Olympiad level | Similar Triangles 
The bisector of angle $BAD$ in parallelogram $ABCD$ intersects the lines $BC$ and $CD$ at the points $K$ and $L$ respectively. Prove that the center of the circle passing through the points $C$, $K$, and $L$ lies on the circle passing through the points $B$, $C$, and $D$. 


I noticed there're three isosceles triangles that I could think of: $\triangle{ABK}$, $\triangle{KCL}$ and $\triangle{ADL}$.
Now, to show that they're similar: $\angle{ABK}=\angle{ADL}$ as $ABCD$ is a parallelogram, furthermore, since $KC||AD$, $\angle{ADL}=\angle{KCL}$. 
Also, $\angle{BAK}=\angle{LAD}$ as $AK$ is angle bisector. 
Since $KC||AD$, $\angle{LKC}=\angle{LAD}$. Thus, $\triangle{ABK}\sim\triangle{LDA}\sim\triangle{LCK}$ by AA similarity. 
But I still haven't proven that the triangles are indeed isosceles and where do I go from here? 
 A: Let $E$ be a center of the circle $KCL$, $F$ be an intersection points of $AD$ with the circle $BDC$, 
which different from $D$ and $\measuredangle BAK=\alpha$.
Thus, $$\measuredangle FBC=\measuredangle BCD=2\alpha$$ and since
$$BK=BA=CD=BF,$$ we obtain $$\measuredangle BKF=90^{\circ}-\alpha.$$
In another hand, $$\measuredangle KEC=2\measuredangle KLC=2\alpha,$$ which gives
$$\measuredangle EKC=90^{\circ}-\alpha,$$ which says points $E$, $K$ and $F$ are placed on the same line $FE$.
But $$\measuredangle FBC=\measuredangle FEC=2\alpha,$$ which says that $E$ is placed on the circle $BDC$ and we are done!
A: Denote by $P(X, o)$ the power of a point $X$ with respect to the circle $o$. Let $O$ be the center of circumcircle $o$ of triangle $KCL$ and let $r$ be the radius of that circle. Because $BK||AD$ we have $\sphericalangle BKA=\sphericalangle DAK=\sphericalangle BAK$, so triangle $BAK$ is isosceles. Similarly, because $AB||DL$ we see that triangle $ADL$ is also isosceles. Hence:
\begin{align*}
DO^2-r^2=P(D, o)=DC\cdot DL=AB\cdot AD=BK\cdot BC=P(B, o)=BO^2-r^2,
\end{align*}
so $DO=BO$, thus $\Delta BOC\equiv \Delta DOL$. Therefore $\sphericalangle OBC=\sphericalangle ODL=\sphericalangle ODC$, so $OCDB$ is cyclic and we’re done.

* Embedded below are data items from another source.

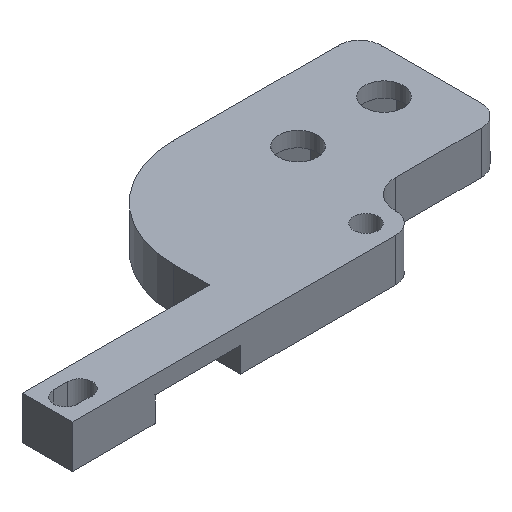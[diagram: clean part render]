
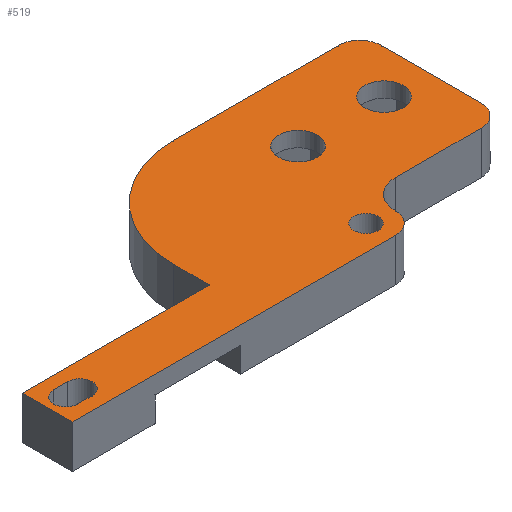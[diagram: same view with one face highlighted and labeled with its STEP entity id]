
A CAD part, isometric view. The second image highlights one B-rep face of the part: STEP entity #519.
In plain terms, the highlighted planar face has unit normal (0, 0, 1).
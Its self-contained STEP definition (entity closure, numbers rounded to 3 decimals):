
#32=CARTESIAN_POINT('',(27.8,14.1,6.));
#33=VERTEX_POINT('',#32);
#42=CARTESIAN_POINT('',(25.1,14.1,6.));
#43=DIRECTION('',(0.,0.,1.));
#44=DIRECTION('',(1.,0.,-0.));
#45=AXIS2_PLACEMENT_3D('',#42,#43,#44);
#46=CIRCLE('',#45,2.7);
#47=EDGE_CURVE('',#33,#33,#46,.T.);
#74=CARTESIAN_POINT('',(39.8,14.1,6.));
#75=VERTEX_POINT('',#74);
#84=CARTESIAN_POINT('',(37.1,14.1,6.));
#85=DIRECTION('',(0.,0.,1.));
#86=DIRECTION('',(1.,0.,-0.));
#87=AXIS2_PLACEMENT_3D('',#84,#85,#86);
#88=CIRCLE('',#87,2.7);
#89=EDGE_CURVE('',#75,#75,#88,.T.);
#340=CARTESIAN_POINT('',(0.,0.,6.));
#341=DIRECTION('',(0.,0.,1.));
#342=DIRECTION('',(1.,0.,0.));
#343=AXIS2_PLACEMENT_3D('',#340,#341,#342);
#344=PLANE('',#343);
#345=CARTESIAN_POINT('',(21.1,-3.5,6.));
#346=VERTEX_POINT('',#345);
#347=CARTESIAN_POINT('',(24.1,-0.5,6.));
#348=VERTEX_POINT('',#347);
#349=CARTESIAN_POINT('',(21.1,-0.5,6.));
#350=DIRECTION('',(0.,0.,1.));
#351=DIRECTION('',(1.,0.,-0.));
#352=AXIS2_PLACEMENT_3D('',#349,#350,#351);
#353=CIRCLE('',#352,3.);
#354=EDGE_CURVE('',#346,#348,#353,.T.);
#355=ORIENTED_EDGE('',*,*,#354,.T.);
#356=CARTESIAN_POINT('',(28.1,3.5,6.));
#357=VERTEX_POINT('',#356);
#358=CARTESIAN_POINT('',(28.1,-0.5,6.));
#359=DIRECTION('',(-0.,-0.,-1.));
#360=DIRECTION('',(1.,0.,-0.));
#361=AXIS2_PLACEMENT_3D('',#358,#359,#360);
#362=CIRCLE('',#361,4.);
#363=EDGE_CURVE('',#348,#357,#362,.T.);
#364=ORIENTED_EDGE('',*,*,#363,.T.);
#365=CARTESIAN_POINT('',(40.1,3.5,6.));
#366=VERTEX_POINT('',#365);
#367=CARTESIAN_POINT('',(40.1,3.5,6.));
#368=DIRECTION('',(-1.,0.,0.));
#369=VECTOR('',#368,12.);
#370=LINE('',#367,#369);
#371=EDGE_CURVE('',#366,#357,#370,.T.);
#372=ORIENTED_EDGE('',*,*,#371,.F.);
#373=CARTESIAN_POINT('',(43.1,6.5,6.));
#374=VERTEX_POINT('',#373);
#375=CARTESIAN_POINT('',(40.1,6.5,6.));
#376=DIRECTION('',(0.,0.,1.));
#377=DIRECTION('',(1.,0.,-0.));
#378=AXIS2_PLACEMENT_3D('',#375,#376,#377);
#379=CIRCLE('',#378,3.);
#380=EDGE_CURVE('',#366,#374,#379,.T.);
#381=ORIENTED_EDGE('',*,*,#380,.T.);
#382=CARTESIAN_POINT('',(43.1,20.5,6.));
#383=VERTEX_POINT('',#382);
#384=CARTESIAN_POINT('',(43.1,20.5,6.));
#385=DIRECTION('',(0.,-1.,0.));
#386=VECTOR('',#385,14.);
#387=LINE('',#384,#386);
#388=EDGE_CURVE('',#383,#374,#387,.T.);
#389=ORIENTED_EDGE('',*,*,#388,.F.);
#390=CARTESIAN_POINT('',(40.1,23.5,6.));
#391=VERTEX_POINT('',#390);
#392=CARTESIAN_POINT('',(40.1,20.5,6.));
#393=DIRECTION('',(0.,0.,1.));
#394=DIRECTION('',(1.,0.,-0.));
#395=AXIS2_PLACEMENT_3D('',#392,#393,#394);
#396=CIRCLE('',#395,3.);
#397=EDGE_CURVE('',#383,#391,#396,.T.);
#398=ORIENTED_EDGE('',*,*,#397,.T.);
#399=CARTESIAN_POINT('',(17.1,23.5,6.));
#400=VERTEX_POINT('',#399);
#401=CARTESIAN_POINT('',(17.1,23.5,6.));
#402=DIRECTION('',(1.,0.,0.));
#403=VECTOR('',#402,23.);
#404=LINE('',#401,#403);
#405=EDGE_CURVE('',#400,#391,#404,.T.);
#406=ORIENTED_EDGE('',*,*,#405,.F.);
#407=CARTESIAN_POINT('',(2.1,8.5,6.));
#408=VERTEX_POINT('',#407);
#409=CARTESIAN_POINT('',(17.1,8.5,6.));
#410=DIRECTION('',(0.,0.,1.));
#411=DIRECTION('',(1.,0.,-0.));
#412=AXIS2_PLACEMENT_3D('',#409,#410,#411);
#413=CIRCLE('',#412,15.);
#414=EDGE_CURVE('',#400,#408,#413,.T.);
#415=ORIENTED_EDGE('',*,*,#414,.T.);
#416=CARTESIAN_POINT('',(2.1,3.5,6.));
#417=VERTEX_POINT('',#416);
#418=CARTESIAN_POINT('',(2.1,3.5,6.));
#419=DIRECTION('',(-0.,1.,0.));
#420=VECTOR('',#419,5.);
#421=LINE('',#418,#420);
#422=EDGE_CURVE('',#417,#408,#421,.T.);
#423=ORIENTED_EDGE('',*,*,#422,.F.);
#424=CARTESIAN_POINT('',(-24.1,3.5,6.));
#425=VERTEX_POINT('',#424);
#426=CARTESIAN_POINT('',(2.1,3.5,6.));
#427=DIRECTION('',(-1.,-0.,0.));
#428=VECTOR('',#427,26.2);
#429=LINE('',#426,#428);
#430=EDGE_CURVE('',#417,#425,#429,.T.);
#431=ORIENTED_EDGE('',*,*,#430,.T.);
#432=CARTESIAN_POINT('',(-24.1,-3.5,6.));
#433=VERTEX_POINT('',#432);
#434=CARTESIAN_POINT('',(-24.1,3.5,6.));
#435=DIRECTION('',(0.,-1.,0.));
#436=VECTOR('',#435,7.);
#437=LINE('',#434,#436);
#438=EDGE_CURVE('',#425,#433,#437,.T.);
#439=ORIENTED_EDGE('',*,*,#438,.T.);
#440=CARTESIAN_POINT('',(-24.1,-3.5,6.));
#441=DIRECTION('',(1.,0.,0.));
#442=VECTOR('',#441,45.2);
#443=LINE('',#440,#442);
#444=EDGE_CURVE('',#433,#346,#443,.T.);
#445=ORIENTED_EDGE('',*,*,#444,.T.);
#446=EDGE_LOOP('',(#355,#364,#372,#381,#389,#398,#406,#415,#423,#431,#439,#445));
#447=FACE_BOUND('',#446,.T.);
#448=ORIENTED_EDGE('',*,*,#47,.F.);
#449=EDGE_LOOP('',(#448));
#450=FACE_BOUND('',#449,.T.);
#451=CARTESIAN_POINT('',(18.8,0.,6.));
#452=VERTEX_POINT('',#451);
#453=CARTESIAN_POINT('',(22.2,0.,6.));
#454=VERTEX_POINT('',#453);
#455=CARTESIAN_POINT('',(20.5,0.,6.));
#456=DIRECTION('',(0.,0.,1.));
#457=DIRECTION('',(1.,0.,-0.));
#458=AXIS2_PLACEMENT_3D('',#455,#456,#457);
#459=CIRCLE('',#458,1.7);
#460=EDGE_CURVE('',#452,#454,#459,.T.);
#461=ORIENTED_EDGE('',*,*,#460,.F.);
#462=CARTESIAN_POINT('',(20.5,0.,6.));
#463=DIRECTION('',(0.,0.,1.));
#464=DIRECTION('',(1.,0.,-0.));
#465=AXIS2_PLACEMENT_3D('',#462,#463,#464);
#466=CIRCLE('',#465,1.7);
#467=EDGE_CURVE('',#454,#452,#466,.T.);
#468=ORIENTED_EDGE('',*,*,#467,.F.);
#469=EDGE_LOOP('',(#461,#468));
#470=FACE_BOUND('',#469,.T.);
#471=CARTESIAN_POINT('',(-23.2,-0.,6.));
#472=VERTEX_POINT('',#471);
#473=CARTESIAN_POINT('',(-21.5,-1.7,6.));
#474=VERTEX_POINT('',#473);
#475=CARTESIAN_POINT('',(-21.5,-0.,6.));
#476=DIRECTION('',(0.,0.,1.));
#477=DIRECTION('',(1.,0.,-0.));
#478=AXIS2_PLACEMENT_3D('',#475,#476,#477);
#479=CIRCLE('',#478,1.7);
#480=EDGE_CURVE('',#472,#474,#479,.T.);
#481=ORIENTED_EDGE('',*,*,#480,.F.);
#482=CARTESIAN_POINT('',(-21.5,1.7,6.));
#483=VERTEX_POINT('',#482);
#484=CARTESIAN_POINT('',(-21.5,-0.,6.));
#485=DIRECTION('',(0.,0.,1.));
#486=DIRECTION('',(1.,0.,-0.));
#487=AXIS2_PLACEMENT_3D('',#484,#485,#486);
#488=CIRCLE('',#487,1.7);
#489=EDGE_CURVE('',#483,#472,#488,.T.);
#490=ORIENTED_EDGE('',*,*,#489,.F.);
#491=CARTESIAN_POINT('',(-19.5,1.7,6.));
#492=VERTEX_POINT('',#491);
#493=CARTESIAN_POINT('',(-21.5,1.7,6.));
#494=DIRECTION('',(1.,0.,-0.));
#495=VECTOR('',#494,2.);
#496=LINE('',#493,#495);
#497=EDGE_CURVE('',#483,#492,#496,.T.);
#498=ORIENTED_EDGE('',*,*,#497,.T.);
#499=CARTESIAN_POINT('',(-19.5,-1.7,6.));
#500=VERTEX_POINT('',#499);
#501=CARTESIAN_POINT('',(-19.5,0.,6.));
#502=DIRECTION('',(0.,0.,1.));
#503=DIRECTION('',(1.,0.,-0.));
#504=AXIS2_PLACEMENT_3D('',#501,#502,#503);
#505=CIRCLE('',#504,1.7);
#506=EDGE_CURVE('',#500,#492,#505,.T.);
#507=ORIENTED_EDGE('',*,*,#506,.F.);
#508=CARTESIAN_POINT('',(-21.5,-1.7,6.));
#509=DIRECTION('',(1.,0.,-0.));
#510=VECTOR('',#509,2.);
#511=LINE('',#508,#510);
#512=EDGE_CURVE('',#474,#500,#511,.T.);
#513=ORIENTED_EDGE('',*,*,#512,.F.);
#514=EDGE_LOOP('',(#481,#490,#498,#507,#513));
#515=FACE_BOUND('',#514,.T.);
#516=ORIENTED_EDGE('',*,*,#89,.F.);
#517=EDGE_LOOP('',(#516));
#518=FACE_BOUND('',#517,.T.);
#519=ADVANCED_FACE('',(#447,#450,#470,#515,#518),#344,.T.);

A: (1) Circle (Q) circumscribes $\triangle BCD $ and Circle (O) circumscribes $\triangle LCK$ but the exact location of O is not known at this stage.

(2) LKA, the angle bisector of A, can be translated to TC. When produced, TC will cut AB and circle (Q) at R and S respectively. Note that AKCR is a parallelogram.
(3) Let CC’ be the common chord. Since $\triangle LAB$ is isosceles, we have $\angle 1 = \angle 2 =\angle 3 =\angle 4$, and therefore TC is tangent to circle (O) at C.
(4) Let the external angle bisector of $\angle BCD$ cut circle (Q) at P. By the internal and external angle bisector relationship, $\angle TCP = \angle PCS = 90^0$. This means O is somewhere on the line CP extended. Let say it is at $O_1$.
(5) By “the converse of angle in semi-circle”, $\angle PCS = 90^0$ implies PQS is the diameter of circle (Q) and therefore PQS is a straight line. 
(6) BY noting that SCPC’ is cyclic with $\angle SCP = \angle SC’P = 90^0$, we can say SC’ is another tangent to the circle KCL at C’. Hence, O is somewhere on C'P extended. Let say it is at $O_3$. 
(7) P, which is a point on the circle (Q), is the only candidate that meets the conditions found in (4) and (6). Therefore, O = P.